◆ **Your instructions**: Look below for the line with "drivers of motor" and the line with "11:result_o <= src1_i * src2_i;". Copy exactly those two lines and every line between, but not the pictures.

Dataset items:
+++++
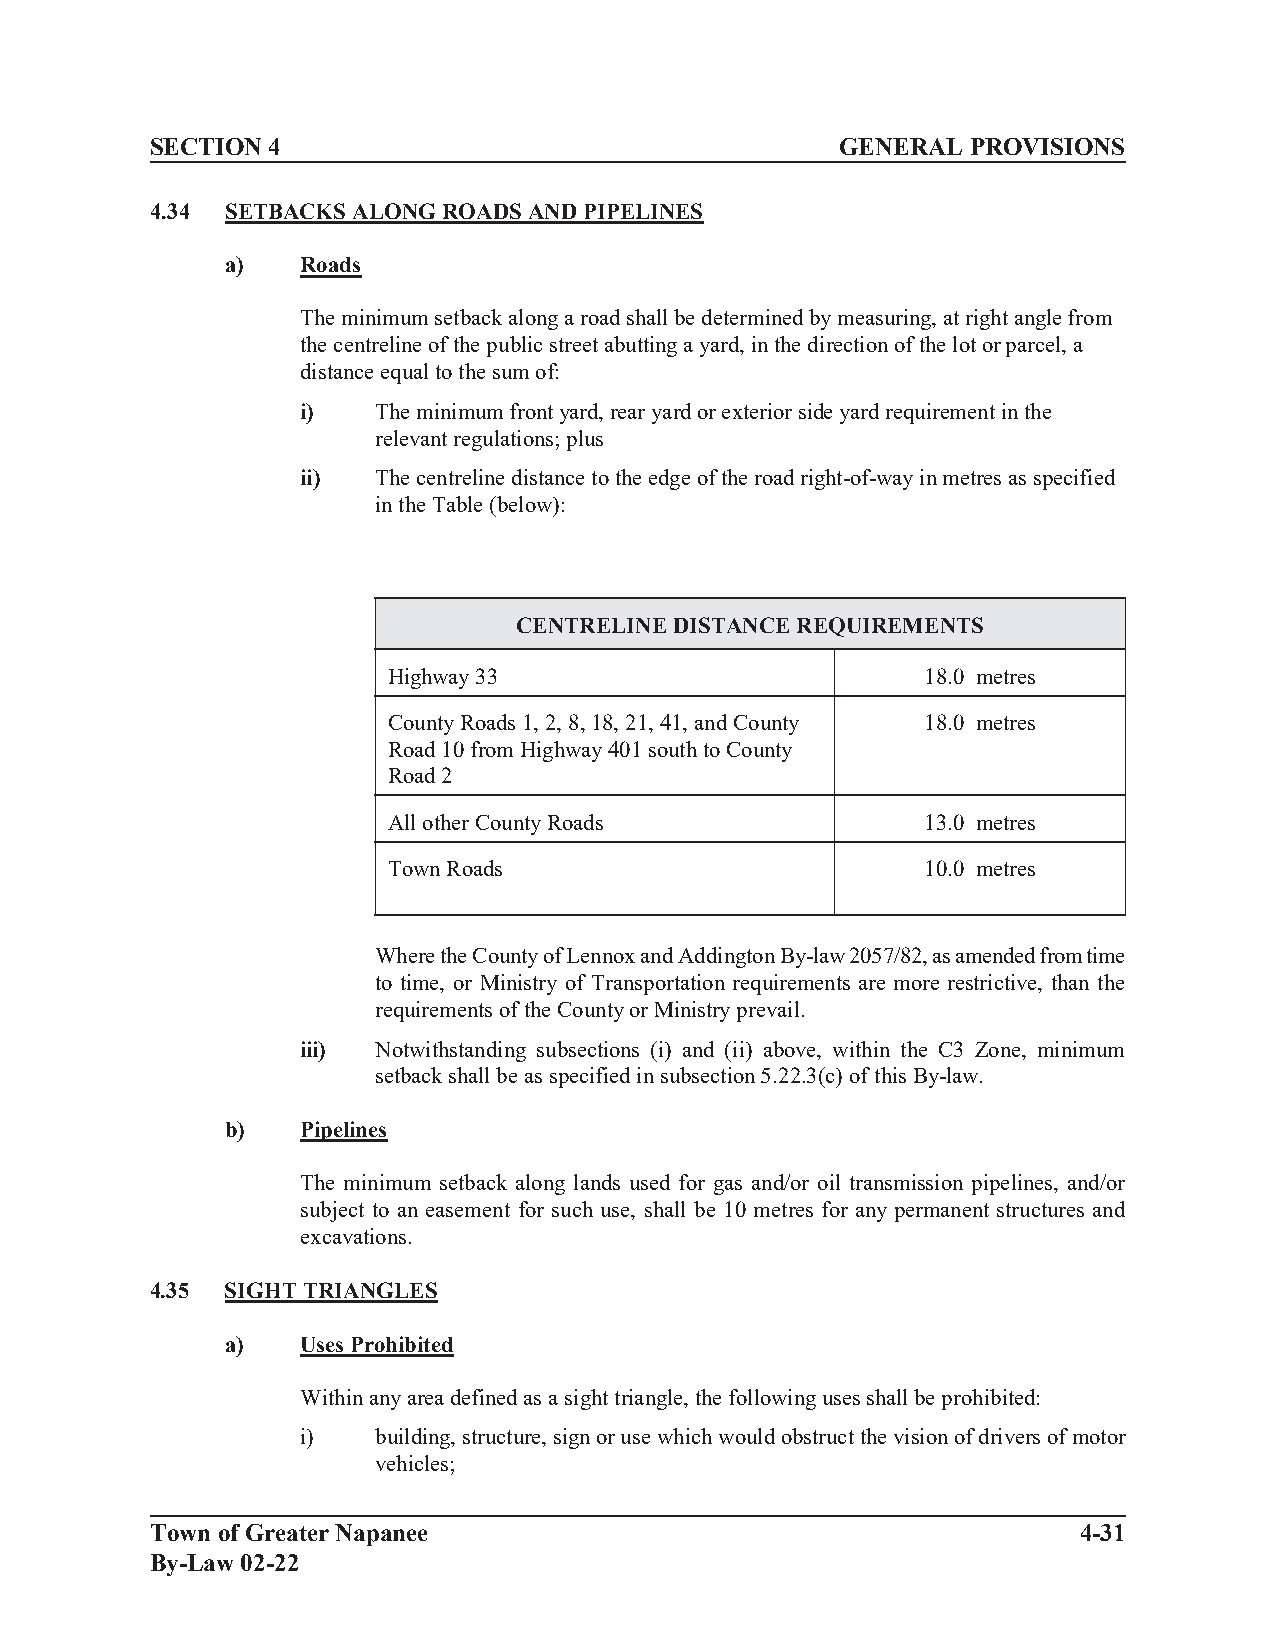
SECTION 4                                     GENERAL PROVISIONS
 4.34 SETBACKS ALONG ROADS AND PIPELINES
 a)   Roads
 The minimum setback along a road shall be determined by measuring, at right angle from
 the centreline of the public street abutting a yard, in the direction of the lot or parcel, a
 distance equal to the sum of:
 i)   The minimum front yard, rear yard or exterior side yard requirement in the
 relevant regulations; plus
 ii)  The centreline distance to the edge of the road right-of-way in metres as specified
 in the Table (below):
 CENTRELINE DISTANCE REQUIREMENTS
 Highway 33                         18.0 metres
 County Roads 1, 2, 8, 18, 21, 41, and County 18.0 metres
 Road 10 from Highway 401 south to County
 Road 2
 All other County Roads             13.0 metres
 Town Roads                         10.0 metres
 Where the County of Lennox and Addington By-law 2057/82, as amended from time
 to time, or Ministry of Transportation requirements are more restrictive, than the
 requirements of the County or Ministry prevail.
 iii) Notwithstanding subsections (i) and (ii) above, within the C3 Zone, minimum
 setback shall be as specified in subsection 5.22.3(c) of this By-law.
 b)   Pipelines
 The minimum setback along lands used for gas and/or oil transmission pipelines, and/or
 subject to an easement for such use, shall be 10 metres for any permanent structures and
 excavations.
 4.35 SIGHT TRIANGLES
 a)   Uses Prohibited
 Within any area defined as a sight triangle, the following uses shall be prohibited:
 i)   building, structure, sign or use which would obstruct the vision of drivers of motor
 vehicles;
 Town of Greater Napanee                                      4-31
 By-Law 02-22
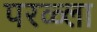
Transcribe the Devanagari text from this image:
परळ्ला
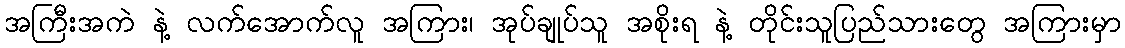
အကြီးအကဲ နဲ့ လက်အောက်လူ အကြား၊ အုပ်ချုပ်သူ အစိုးရ နဲ့ တိုင်းသူပြည်သားတွေ အကြားမှာ
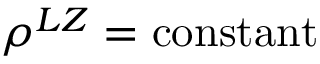
\rho ^ { L Z } = \mathrm { c o n s t a n t }
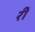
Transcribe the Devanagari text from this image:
रीं
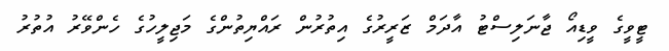
ޓީވީގެ ވީޑިއޯ ޖާނަލިސްޓު އާދަމް ޒަރީރުގެ އިތުރުން ރައްޔިތުންގެ މަޖިލީހުގެ ހެންވޭރު އުތުރު
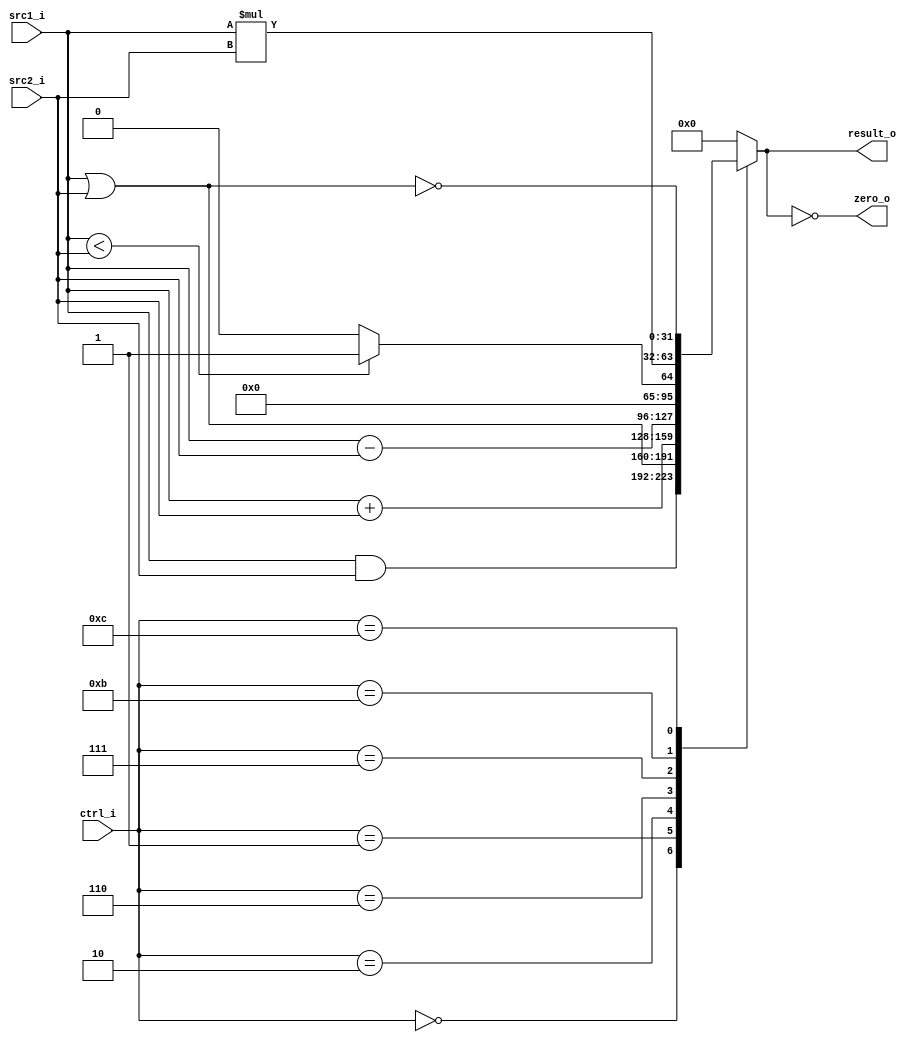
//Subject:     CO project 2 - ALU
//--------------------------------------------------------------------------------
//Version:     1
//--------------------------------------------------------------------------------
//Writer:      Ling Yin-Tao
//----------------------------------------------
//Date:        5/2
//----------------------------------------------
//Description: 0516320
//--------------------------------------------------------------------------------

module ALU(
    src1_i,
	src2_i,
	ctrl_i,
	result_o,
	zero_o
	);
     
//I/O ports
input  [32-1:0]  src1_i;
input  [32-1:0]	 src2_i;
input  [4-1:0]   ctrl_i;

output [32-1:0]	 result_o;
output           zero_o;

//Internal signals
reg    [32-1:0]  result_o;
wire             zero_o;

//Parameter

//Main function

assign zero_o = (result_o==0);
always @(ctrl_i,src1_i,src2_i)begin
	case(ctrl_i)
		0:result_o <= src1_i & src2_i;
		1:result_o <= src1_i | src2_i;
		2:result_o <= src1_i + src2_i;
		6:result_o <= src1_i - src2_i;
		7:result_o <= (src1_i < src2_i) ? 1 : 0;
		11:result_o <= src1_i * src2_i;
		12:result_o<= ~(src1_i|src2_i);
		default: result_o <= 0;
	endcase
end

endmodule
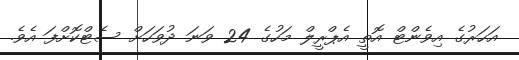
އަހަރުގެ އިވެންޓް އޮތީ އެޕްރީލް މަހުގެ 24 ވަނަ ދުވަހަށް ސެޓްކޮށްފަ އެވެ.
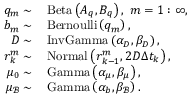
\begin{array} { r l } { q _ { m } \sim } & { { } \, \mathrm { B e t a } \left( A _ { q } , B _ { q } \right) , \, \, m = 1 : \infty , } \\ { b _ { m } \sim } & { { } \, \mathrm { B e r n o u l l i } \left( q _ { m } \right) , } \\ { D \sim } & { { } \, \mathrm { I n v G a m m a } \left( \alpha _ { D } , \beta _ { D } \right) , } \\ { \boldsymbol { r } _ { k } ^ { m } \sim } & { { } \, \mathrm { N o r m a l } \left( \boldsymbol { r } _ { k - 1 } ^ { m } , 2 D \Delta t _ { k } \right) , } \\ { \mu _ { 0 } \sim } & { { } \, \mathrm { G a m m a } \left( \alpha _ { \mu } , \beta _ { \mu } \right) , } \\ { \mu _ { \mathcal { B } } \sim } & { { } \, \mathrm { G a m m a } \left( \alpha _ { b } , \beta _ { \mathcal { B } } \right) . } \end{array}
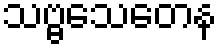
သဗ္ဗသေတေန
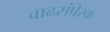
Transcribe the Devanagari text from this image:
वाढसंप्रेरक
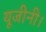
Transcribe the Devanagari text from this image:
यूजीनी।
+++++
◆ **Response box**:
 i)   building, structure, sign or use which would obstruct the vision of drivers of motor
 vehicles;
 Town of Greater Napanee                                      4-31
 By-Law 02-22
Transcribe the Devanagari text from this image:
परळ्ला
အကြီးအကဲ နဲ့ လက်အောက်လူ အကြား၊ အုပ်ချုပ်သူ အစိုးရ နဲ့ တိုင်းသူပြည်သားတွေ အကြားမှာ
\rho ^ { L Z } = \mathrm { c o n s t a n t }
Transcribe the Devanagari text from this image:
रीं
ޓީވީގެ ވީޑިއޯ ޖާނަލިސްޓު އާދަމް ޒަރީރުގެ އިތުރުން ރައްޔިތުންގެ މަޖިލީހުގެ ހެންވޭރު އުތުރު
//Subject:     CO project 2 - ALU
//--------------------------------------------------------------------------------
//Version:     1
//--------------------------------------------------------------------------------
//Writer:      Ling Yin-Tao
//----------------------------------------------
//Date:        5/2
//----------------------------------------------
//Description: 0516320
//--------------------------------------------------------------------------------

module ALU(
    src1_i,
	src2_i,
	ctrl_i,
	result_o,
	zero_o
	);
     
//I/O ports
input  [32-1:0]  src1_i;
input  [32-1:0]	 src2_i;
input  [4-1:0]   ctrl_i;

output [32-1:0]	 result_o;
output           zero_o;

//Internal signals
reg    [32-1:0]  result_o;
wire             zero_o;

//Parameter

//Main function

assign zero_o = (result_o==0);
always @(ctrl_i,src1_i,src2_i)begin
	case(ctrl_i)
		0:result_o <= src1_i & src2_i;
		1:result_o <= src1_i | src2_i;
		2:result_o <= src1_i + src2_i;
		6:result_o <= src1_i - src2_i;
		7:result_o <= (src1_i < src2_i) ? 1 : 0;
		11:result_o <= src1_i * src2_i;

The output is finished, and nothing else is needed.